▸ **Problem to solve**
Type out the lines below exactly, pictures excluded.

▸ **Source information**
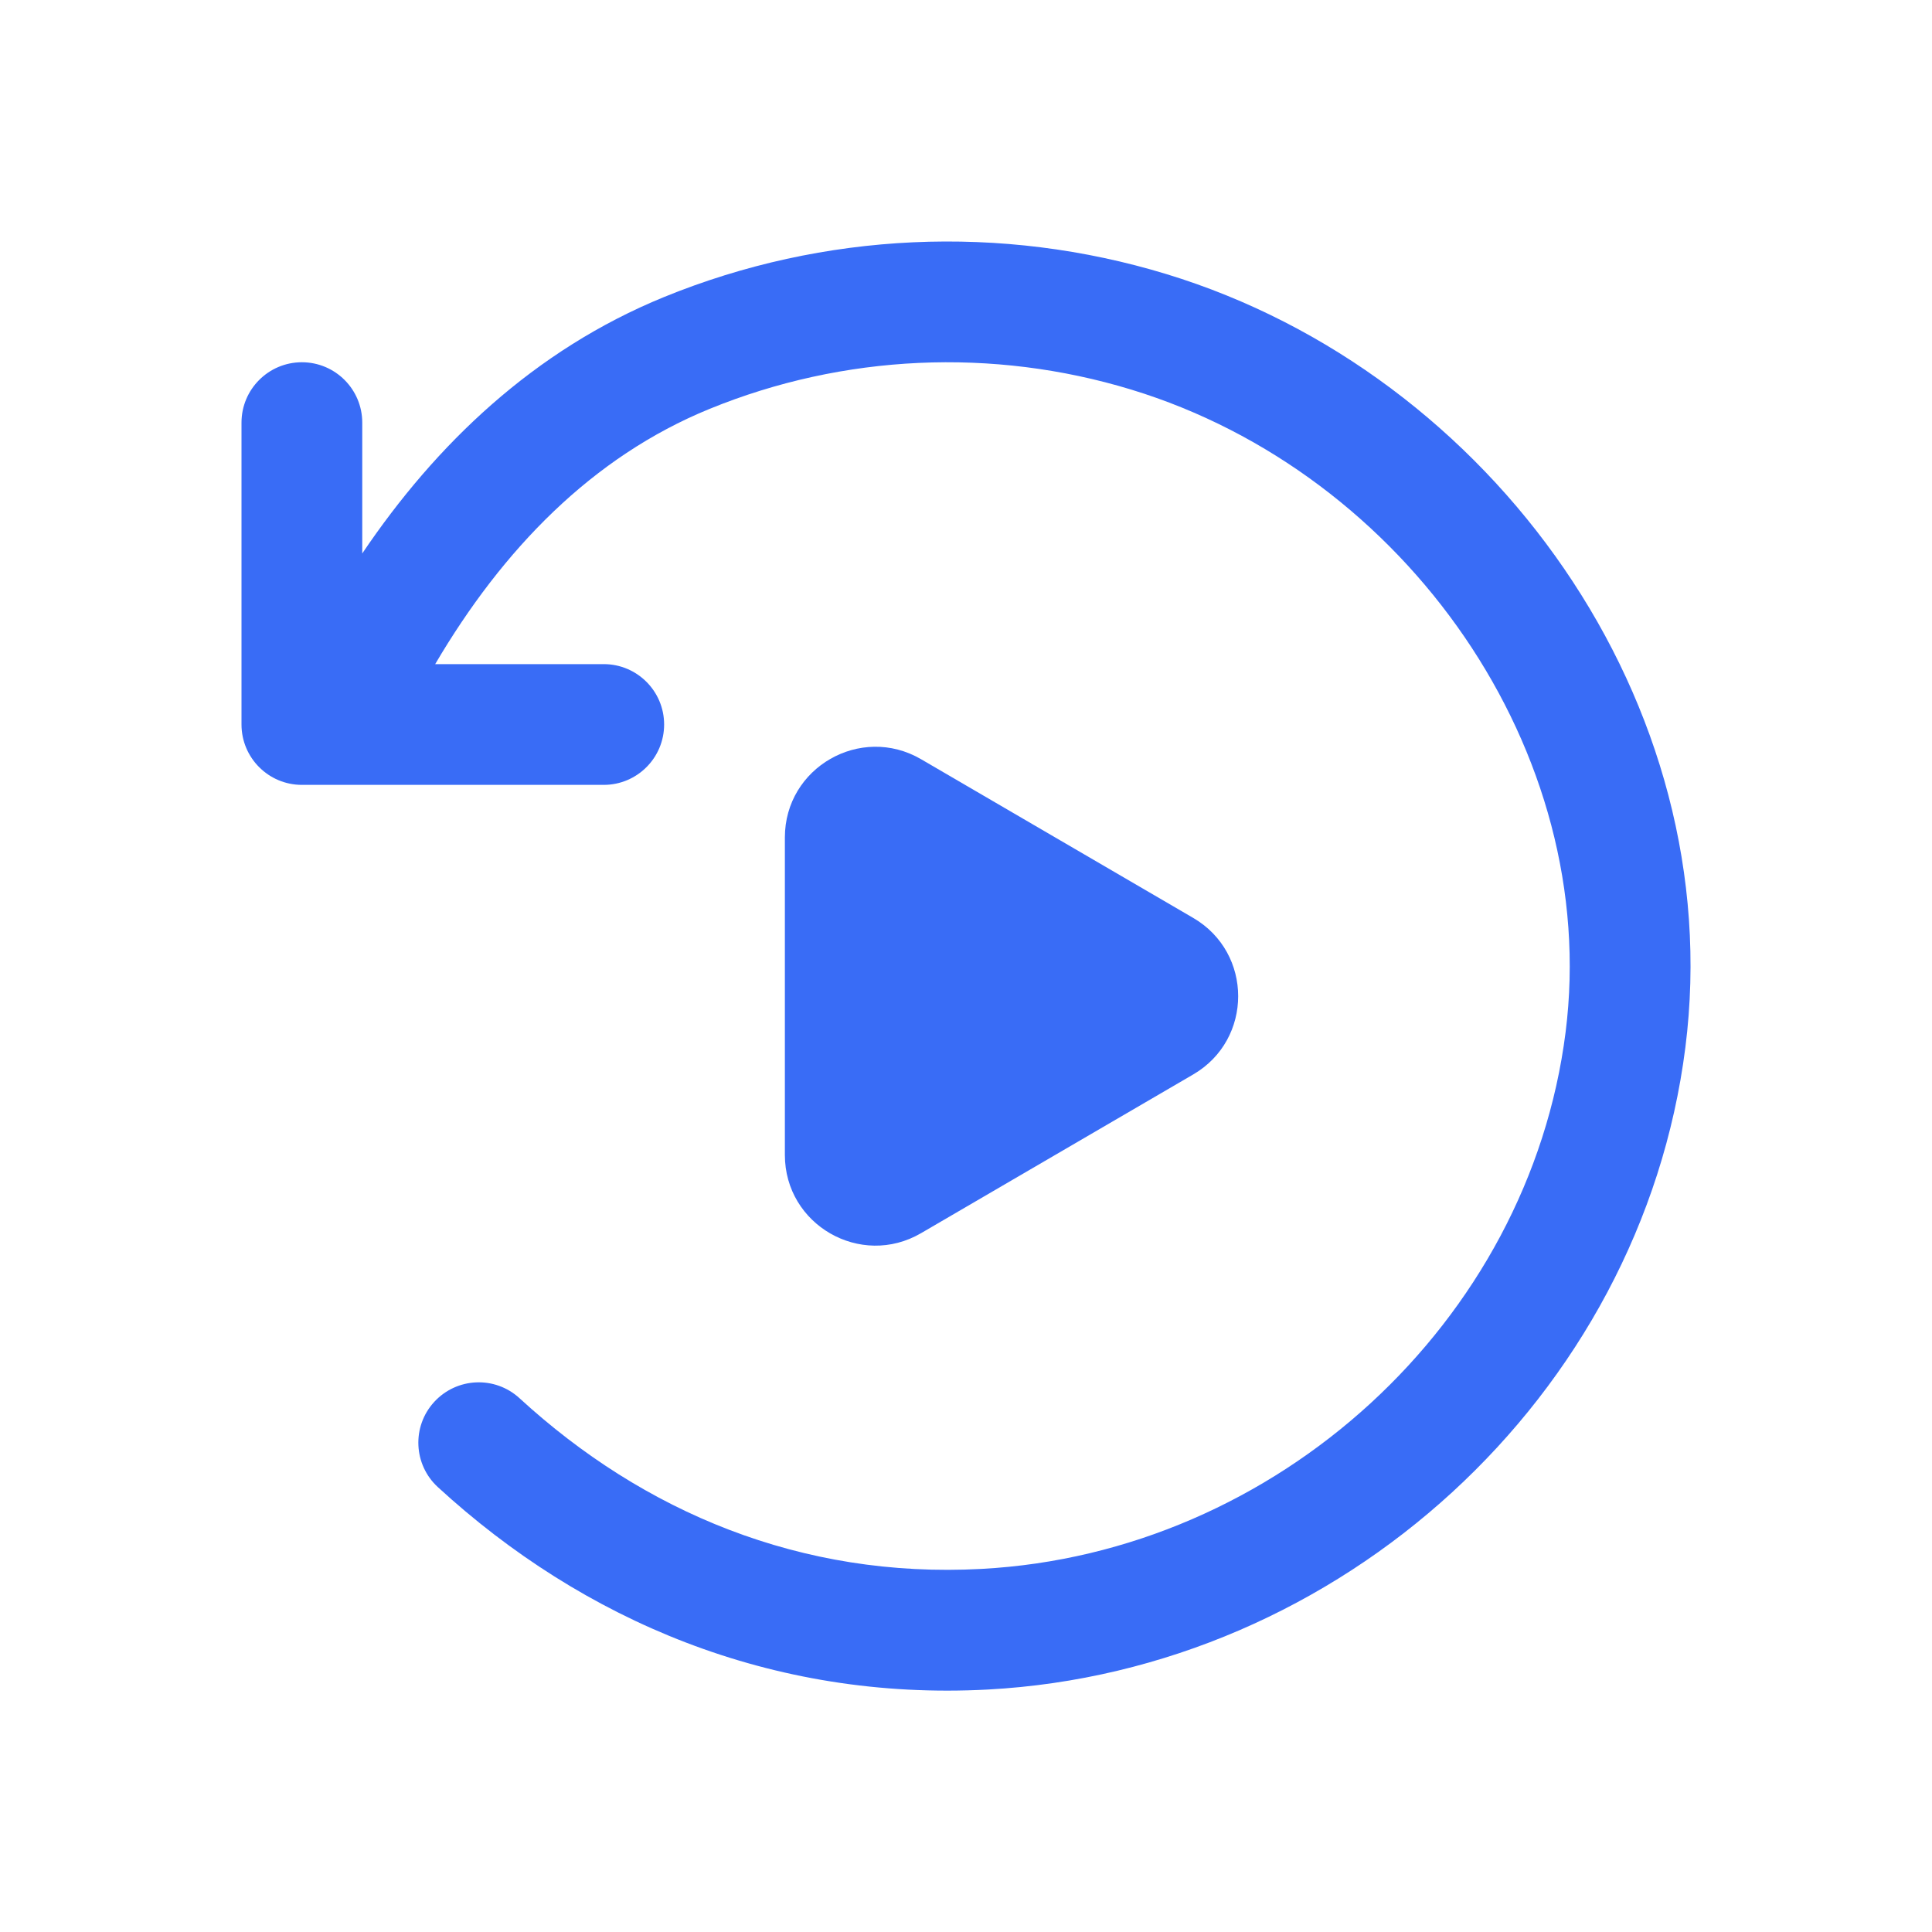 <svg width="32" height="32" viewBox="0 0 32 32" fill="none" xmlns="http://www.w3.org/2000/svg">
<path d="M14 19.13V13.87C14 13.485 14.419 13.244 14.752 13.439L19.26 16.068C19.59 16.261 19.59 16.739 19.26 16.932L14.752 19.561C14.419 19.756 14 19.515 14 19.13Z" fill="#396CF6"/>
<path fill-rule="evenodd" clip-rule="evenodd" d="M15 14.741V18.259L18.015 16.5L15 14.741ZM13 13.87C13 12.713 14.256 11.992 15.256 12.575L19.764 15.204C20.756 15.783 20.756 17.217 19.764 17.796L15.256 20.425C14.256 21.009 13 20.287 13 19.13V13.87Z" fill="#396CF6"/>
<path fill-rule="evenodd" clip-rule="evenodd" d="M10.998 4.92C13.641 3.841 16.587 3.707 19.32 4.54C24.707 6.181 28.637 11.647 27.915 17.349C27.183 23.131 22.197 27.67 16.363 27.984C12.776 28.176 9.651 26.834 7.253 24.632C6.846 24.259 6.819 23.626 7.192 23.22C7.566 22.813 8.198 22.785 8.605 23.159C10.655 25.041 13.267 26.147 16.256 25.986C21.148 25.724 25.323 21.897 25.931 17.098C26.519 12.45 23.28 7.837 18.737 6.453C16.443 5.754 13.971 5.867 11.754 6.772C9.807 7.567 8.324 9.102 7.208 11H10C10.552 11 11 11.448 11 12C11 12.552 10.552 13 10 13H5C4.448 13 4 12.552 4 12V7C4 6.448 4.448 6 5 6C5.552 6 6 6.448 6 7V9.167C7.22 7.358 8.846 5.799 10.998 4.92Z" fill="#396CF6"/>
</svg>

▸ **Written answer**
 <svg width="32" height="32" viewBox="0 0 32 32" fill="none" xmlns="http://www.w3.org/2000/svg">
<path d="M14 19.13V13.87C14 13.485 14.419 13.244 14.752 13.439L19.26 16.068C19.59 16.261 19.59 16.739 19.26 16.932L14.752 19.561C14.419 19.756 14 19.515 14 19.13Z" fill="#396CF6"/>
<path fill-rule="evenodd" clip-rule="evenodd" d="M15 14.741V18.259L18.015 16.5L15 14.741ZM13 13.87C13 12.713 14.256 11.992 15.256 12.575L19.764 15.204C20.756 15.783 20.756 17.217 19.764 17.796L15.256 20.425C14.256 21.009 13 20.287 13 19.13V13.87Z" fill="#396CF6"/>
<path fill-rule="evenodd" clip-rule="evenodd" d="M10.998 4.92C13.641 3.841 16.587 3.707 19.32 4.54C24.707 6.181 28.637 11.647 27.915 17.349C27.183 23.131 22.197 27.67 16.363 27.984C12.776 28.176 9.651 26.834 7.253 24.632C6.846 24.259 6.819 23.626 7.192 23.22C7.566 22.813 8.198 22.785 8.605 23.159C10.655 25.041 13.267 26.147 16.256 25.986C21.148 25.724 25.323 21.897 25.931 17.098C26.519 12.45 23.28 7.837 18.737 6.453C16.443 5.754 13.971 5.867 11.754 6.772C9.807 7.567 8.324 9.102 7.208 11H10C10.552 11 11 11.448 11 12C11 12.552 10.552 13 10 13H5C4.448 13 4 12.552 4 12V7C4 6.448 4.448 6 5 6C5.552 6 6 6.448 6 7V9.167C7.22 7.358 8.846 5.799 10.998 4.92Z" fill="#396CF6"/>
</svg>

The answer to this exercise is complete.